我被保镖架着跪在地上,身上的衣服细数褪尽抬眼瞧上去,江北雁正和竹马叶均吻得难舍难分。
吻得满意了,江北雁才懒洋洋看了我一眼,语气中尽是嘲讽和不屑。
“陈卫澜你一个山野间来的穷小子,凭什么进了江家还给我结了婚,你配吗?”
“都怪你抢了阿均的位置,恶心呵陈秘书把阿均狗的链子给陈卫澜戴上。”
“一条狗怎么能没了狗链子?”
我当着所有朋友的面跪着脖子上是狗链子面前是狗碗,江北雁还不满意招呼让我学狗叫。
而没了狗链子的狗撒欢钓起我的西装上衣送进火盆。
我看着被烧的化成灰烬的衣服,默默摇了摇头,
“江北雁,你知道衣服里面有个东西,能助你江家逆转颓败,一举跃龙门吗?”
1.
话音落地,全场顿时安静几分,瞬间不知谁憋不住笑出来了。
全场爆发激烈的笑声,所有人都在嘲笑我的话。
“我没听错吧,陈卫澜说他衣服里的东西能让江家跃龙门他以为他是谁,他一个穷酸小子哪儿口出狂言?”
“江家是什么身份,他又是一个什么东西不过是个乡野间的穷小子罢了,运气好进了江家当了赘婿。”
“没了江家,他是个什么东西,蝼蚁而已。

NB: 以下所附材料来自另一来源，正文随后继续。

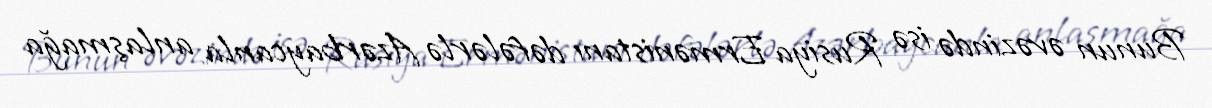
Bunun əvəzində isə Rusiya Ermənistanı dəfələrlə Azərbaycanla anlaşmağa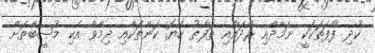
ކުދި ފާފަތަކަކީ ނަމާދާއި ރޯދައާއި ތަފާތު ހެޔޮ ކަންތަކާއި ދިމާވާ އެކި މުޞީބާތަށް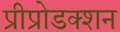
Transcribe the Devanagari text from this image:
प्रीप्रोडक्शन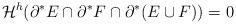
LaTeX: \begin{align*}\mathcal H^h(\partial^*E\cap\partial^*F\cap\partial^*(E\cup F))=0\end{align*}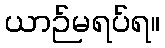
ယာဉ်မရပ်ရ။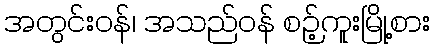
အတွင်းဝန်၊ အသည်ဝန် စဉ့်ကူးမြို့စား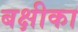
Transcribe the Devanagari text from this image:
बक्षीका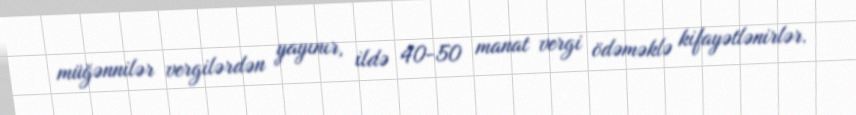
müğənnilər vergilərdən yayınır, ildə 40-50 manat vergi ödəməklə kifayətlənirlər.

”
听着旁人议论嘲笑的声音此起彼伏,我却出奇的平静。
我看着江北雁扯了扯嘴角,随后从沙发上站起来走出来,看着我脸上的表情尽是嘲弄。
随后扬起手狠狠往我脸上就甩了一巴掌,
“陈卫澜我给你脸了?”
“你真以为你是个什么玩应儿啊,还什么能让我们江家逆转颓势,跃上龙门,听你吹呵。”
她拽着我头发,我想挣扎却被保镖死死按住,她狠狠把我往桌角磕。
疼痛逼得我头脑发晕,浑浑噩噩之间我看着她喝完一口酒,
“陈卫澜,我也摆明了告诉你,我看你不爽很久了,我不知道你用了什么手段哄着我爸妈逼我跟你结了婚。”
“但是我心里只有阿均一个人,你识相点就主动去提,我还能给你点东西,要不然…”
“别逼我给你点颜色瞧瞧。”
说完她眼睛微眯,尽是威胁的意味。
我不屑一顾,冷哼一声,江家二老着急让我娶江北雁进门,不过是为了本来在衣服里那东西。
江家在京城这方面生意不太好,越来越颓败,唯一的希望是生物工程方面的疫苗要是做成功了未来的收益不计其数。
唯一差一项研究得来的标本,而那标本正好在我陈家,江家二老求我娶了江北雁以求换取那份标本。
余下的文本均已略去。